Tldr: curl: improve last example

Created on 15 Jan 2017  路  14Comments  路  Source: tldr-pages/tldr

The last example in the curl.md page is:

- Pass client certificate and key for a secure resource:

`curl -v -key {{key.pem}} -cacert {{ca.pem}} -cert {{client.pem}} -k {{https://example.com}}`

There are a few issues with this:

  • It appears that the full-word options require double dashes. We need to confirm this and change accordingly
  • The relationship between --key, --cert and --cacert is unclear to me (i.e. how the latter two differ, which depend on which, which are meant to be used together, etc.)
  • The -v is not necessarily related to that example, so by including it (which requires mentioning it in the description, as pointed out in #1240) makes it hard to make the description concise; it would be better to remove it (maybe moving it a simpler example?).

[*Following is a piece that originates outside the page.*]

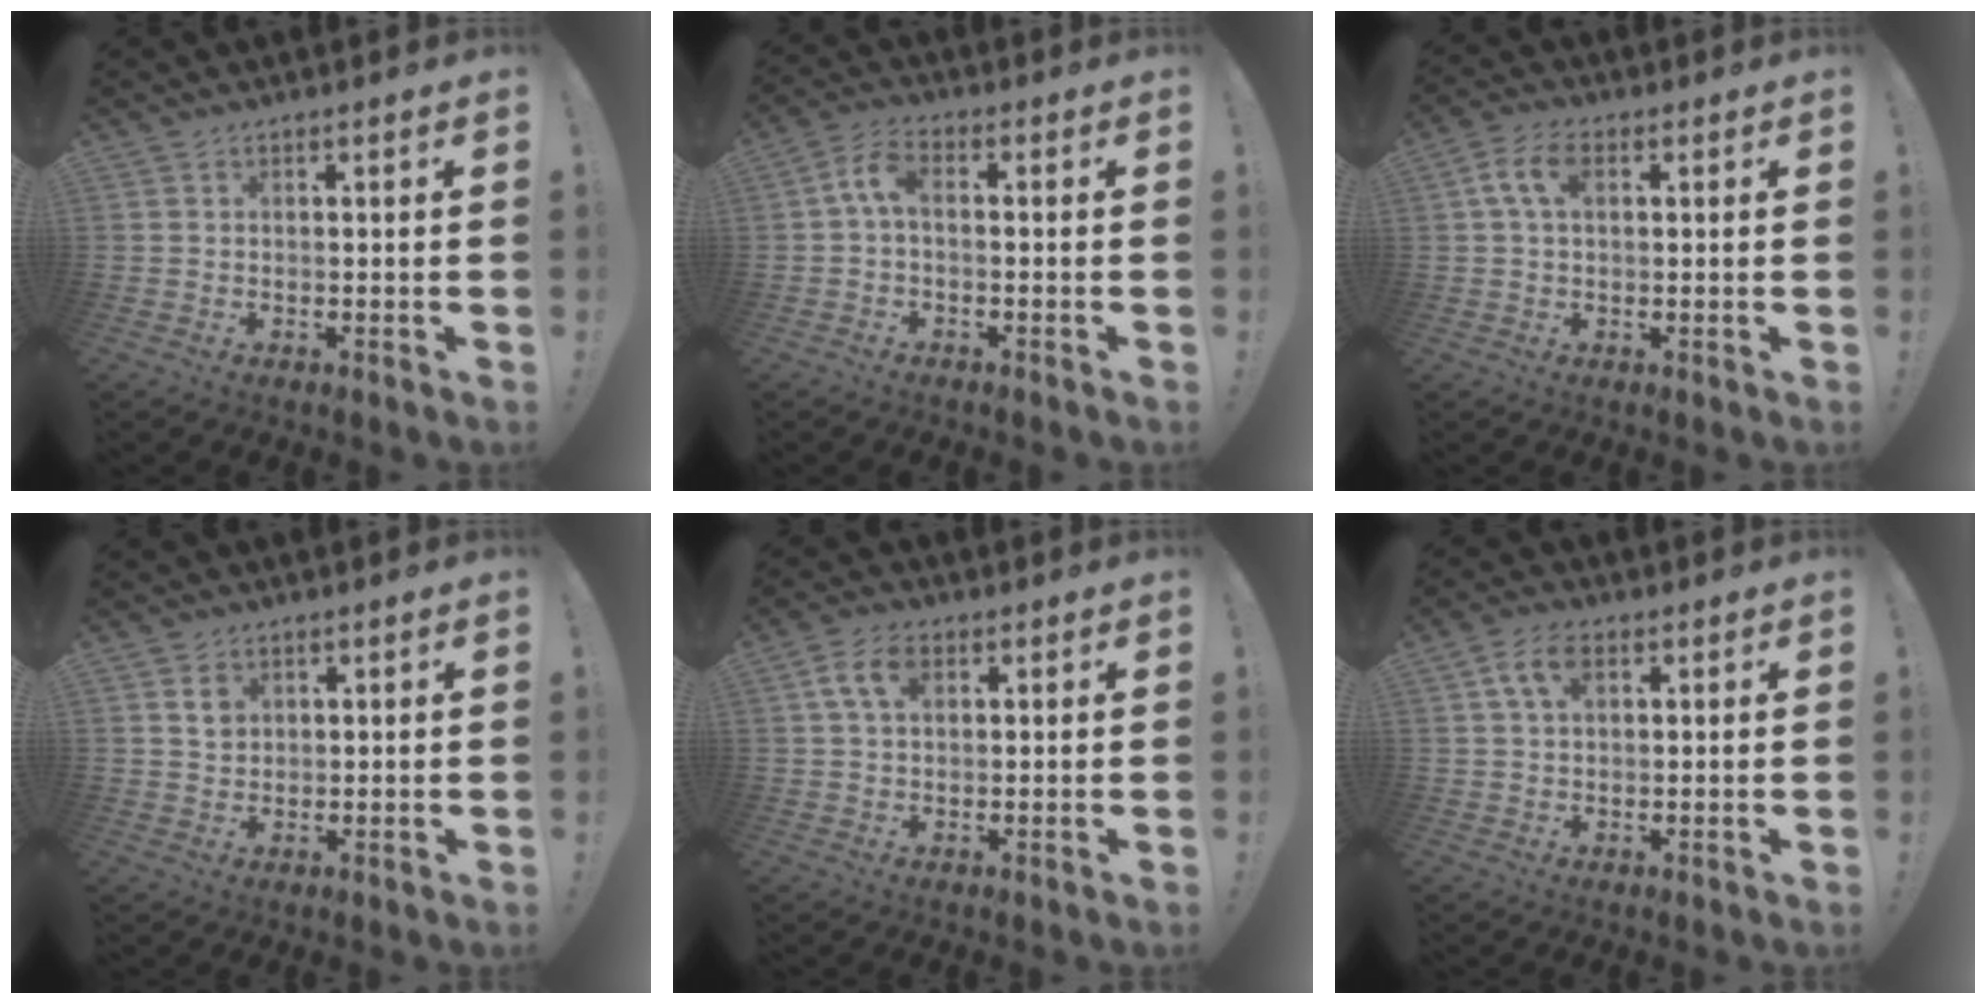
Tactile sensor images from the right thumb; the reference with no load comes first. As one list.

I haven't used curl much, so I'll defer to @imjacobclark who originally contributed this example in #735, as well as @rubenvereecken, @igorshubovych and @ostera who participated in that discussion, and also @agnivade who raised the topic in #1240.

page edit

Most helpful comment

Ok, so I suggest we leave it out. Will make the description shorter and simpler.

All 14 comments

I have just tested this, and the full-word options work with both single and double dashes. It may still be useful to go with the conventions used in the documentation of this command, or possibly mention that either way works fine.

Let's just use double dashes, no need to reinforce nonstandard option formats :) would you like to submit a PR making that change, @morrme?

@waldyrious sure. should i remove -v at the same time?

@waldyrious this is done and ready for review.

This issue is not yet entirely resolved -- the unclarity of --key, --cert and --cacert should probably be resolved. Quoting the first comment:

The relationship between --key, --cert and --cacert is unclear to me (i.e. how the latter two differ, which depend on which, which are meant to be used together, etc.)

@waldyrious --cert is the individual cert file, --cacert is the cert of the Certificate Authority (that granted the cert ) , and --key is the location of the private key.

@morrme thanks for the clarification. Do you have any suggestion about how the example description could be improved to make this clear? I tried to rewrite it, but the best I could come up with was excessively long:

Pass client certificate, key and Certification Authority certificate for a secure resource:
curl --key {{key.pem}} --cacert {{ca.pem}} --cert {{client.pem}} -k {{https://example.com}}

Do we really need --cacert for it to work ? I am no security expert but AFAIR, I never used this.

@agnivade --cacert is only required when the CA in question is not already in the "approved"/built in list of CAs, for example an internal CA

Right, so isn't that a rare case ?

@agnivade i'd say so.

Ok, so I suggest we leave it out. Will make the description shorter and simpler.

@waldyrious / @morrme - I believe this can be closed. We agreed that --cacert is not needed for tldr's scope.

@agnivade right, good catch. This was fixed in cf046b5. I'm not sure why I made a direct commit rather than a PR, but either it was a mistake (pressed the wrong button) or I considered that the discussion had already reached a consensus here -- in which case, I should have added "(closes #1246)" to the commit message, and didn't as an overlook. Either way, closing now. Thanks all!